Repository files navigation

Socket LLM

This project uses the Serverless DNA Socket Tasks Level 3 construct. It implements two (2) seperate tasks - llmResponder and llmStreamer.

  • llmResponder - implements a straight LLM Api call which waits for the AWS Bedrock response.
  • llmStreamer - implements a streaming response mechanism to return data. This will return data sooner to the consumer enabling a more interactive style session.

The llmStreamer will post periodic data gathered from the Stream response to a FIFO SQS which is used by the streamHandler function to send back websocket messages for each response in the queue. The llmStreame implementation will do some chunking of data so that the SQS Fifo queue interaction is not throttled by AWS since the stream response is quite harsh in the way it works. This is a crude implementation which needs improving so will need to iterate over this to improve.
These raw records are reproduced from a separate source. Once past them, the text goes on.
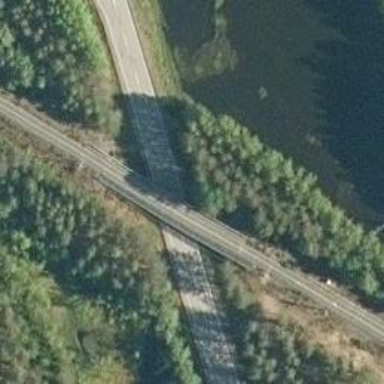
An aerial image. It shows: Bridge with railway tracks. The electrified line has continuous contact line.
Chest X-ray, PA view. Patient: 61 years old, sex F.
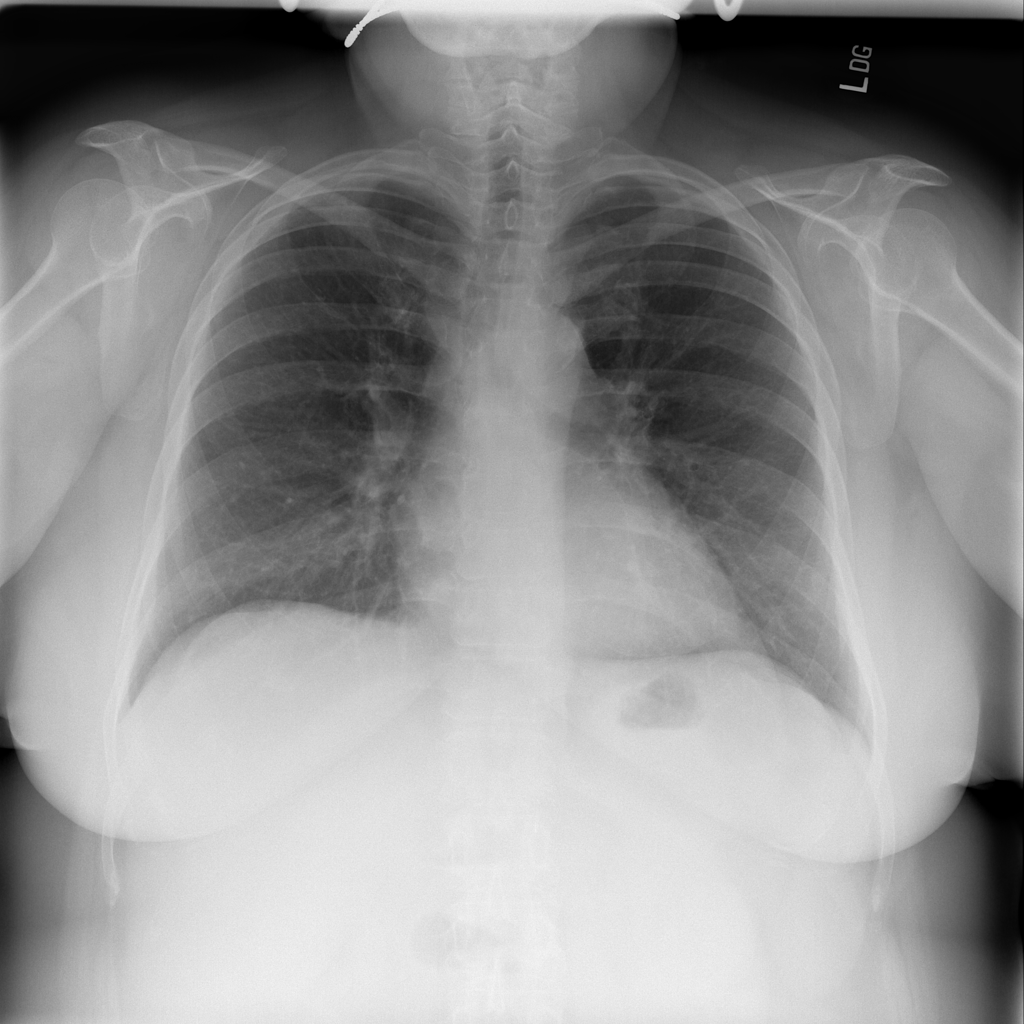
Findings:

Deploy to Your AWS Account

Pre-requisites

To deploy this project you will require:

  • An AWS Cloud Account
  • AWS CLI installed and configured with valid credentials
  • Node installed and working
  • Current version of npm and yarn (1.x)
  • AWS CDK installed
  • Your AWS Account to be bootstrapped for AWS CDK Deployments (see AWS CDK Documentation)

Deploying to your account

$ yarn build
$ yarn deploy

Following deployment output will be displayed showing the Web Socket URL which can be used by a Web UI to connect to for sending and receiving messages.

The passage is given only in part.